Life and our marriage changed dramatically once we
encountered the reality of military life as an Army psychologist. After multiple moves, ending in Cleveland,
Ohio, the uprooting processes began to show their effects on our
relationship.
Gone were the former dreams and goals. Instead, Ann’s unhappiness dominated in her
bemoaning the insufficiency of her identity as a wife. Where marital therapy was clearly needed, it
was never enacted. When she ultimately
expressed a desire to end our marriage, I was fraught with anger and grief in
the face of yet another failure. In
1981, after seven years of marriage, we separated and finally divorced in
1982. Smitten-dom was officially over!
As an addendum, Ann died earlier
this year with Jonathan in attendance.
May she RIP now.
The sequel to this story can be found in a previous short
story involving Sandra, representing my deepest level of being smitten, ever,
as she has been my endearing wife of nearing 30 years now!

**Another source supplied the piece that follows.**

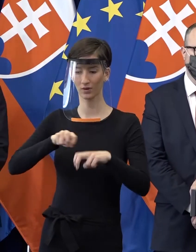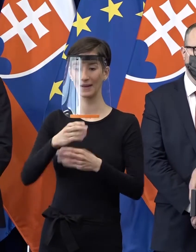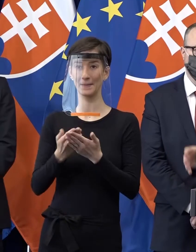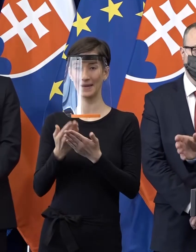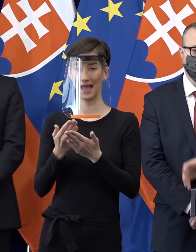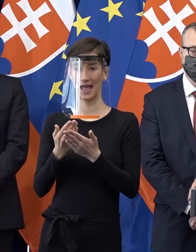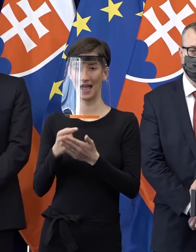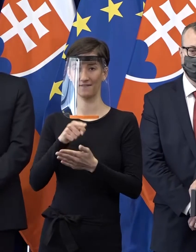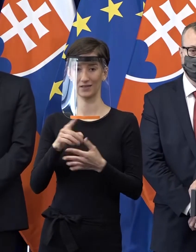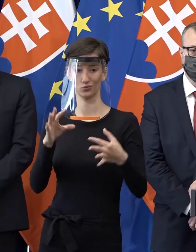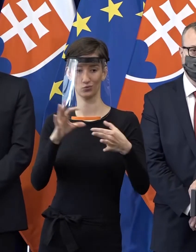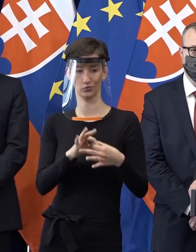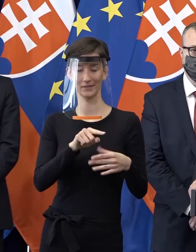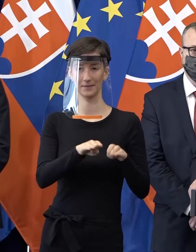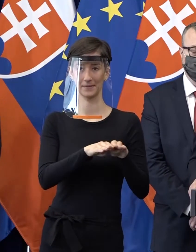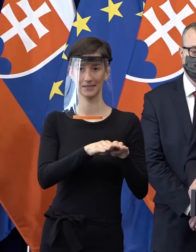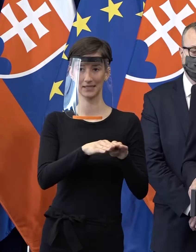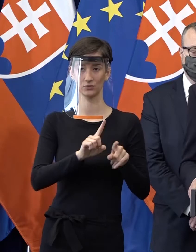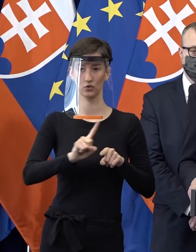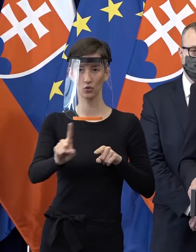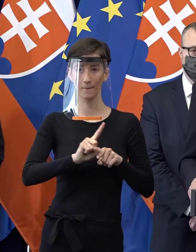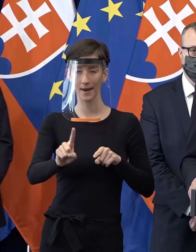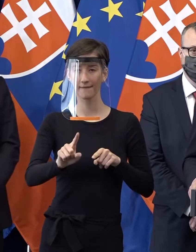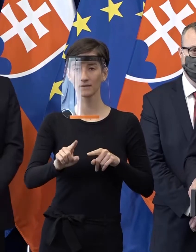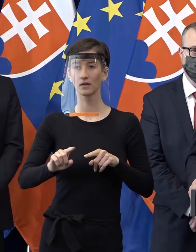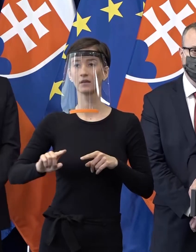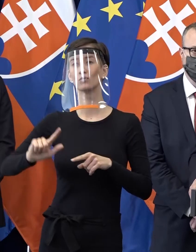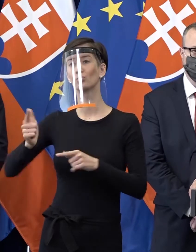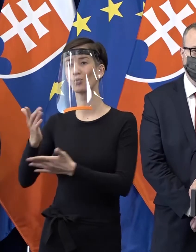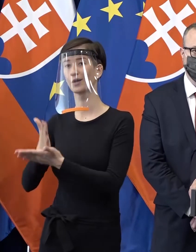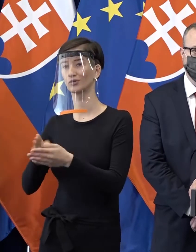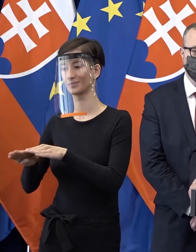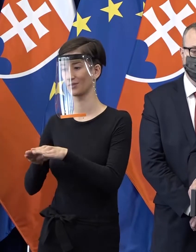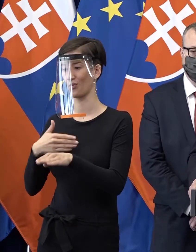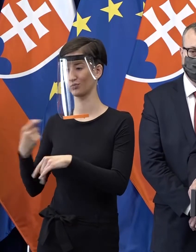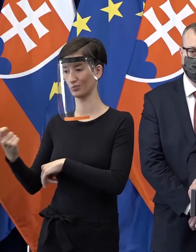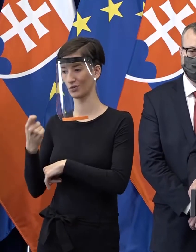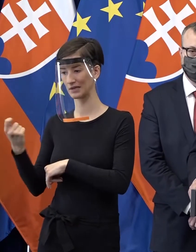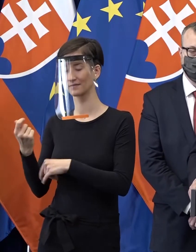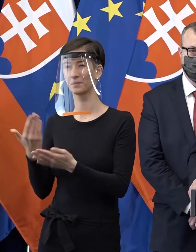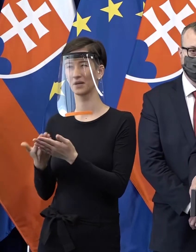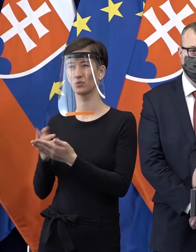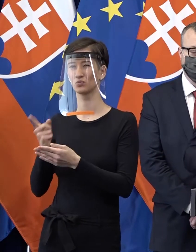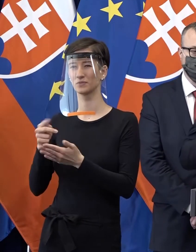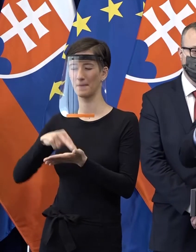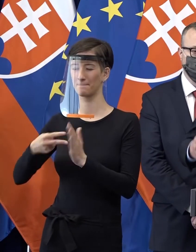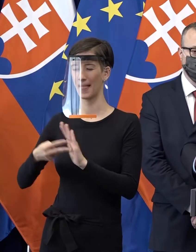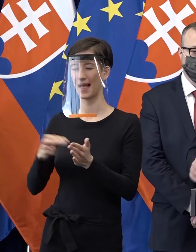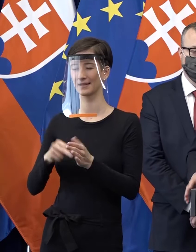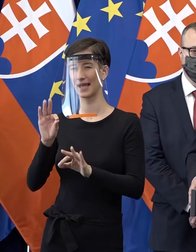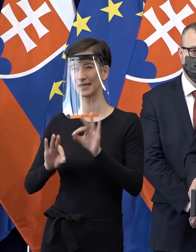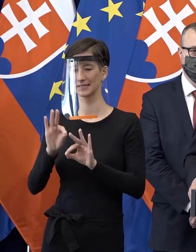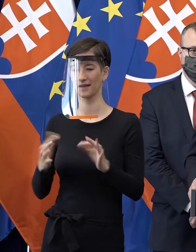dopravy. Niečo ostala na ministerstvo hospodárstva. Čiže tu sa musíme koordinovať. Ale zrovna je dnes ten deň, kedy

So, what are the learning points to be gained from this
unsettling journey from being smitten into two failed marriages? (1) A
thriving and enduring marital union requires more than the initial infatuation
of being smitten; (2) Sustainable
relationships require skills to address and bridge ever emerging pit falls; (3) I was a slow student of marital success,
but once I found the way, my life has been an unimaginable growth experience
and a reentry into being smitten for real!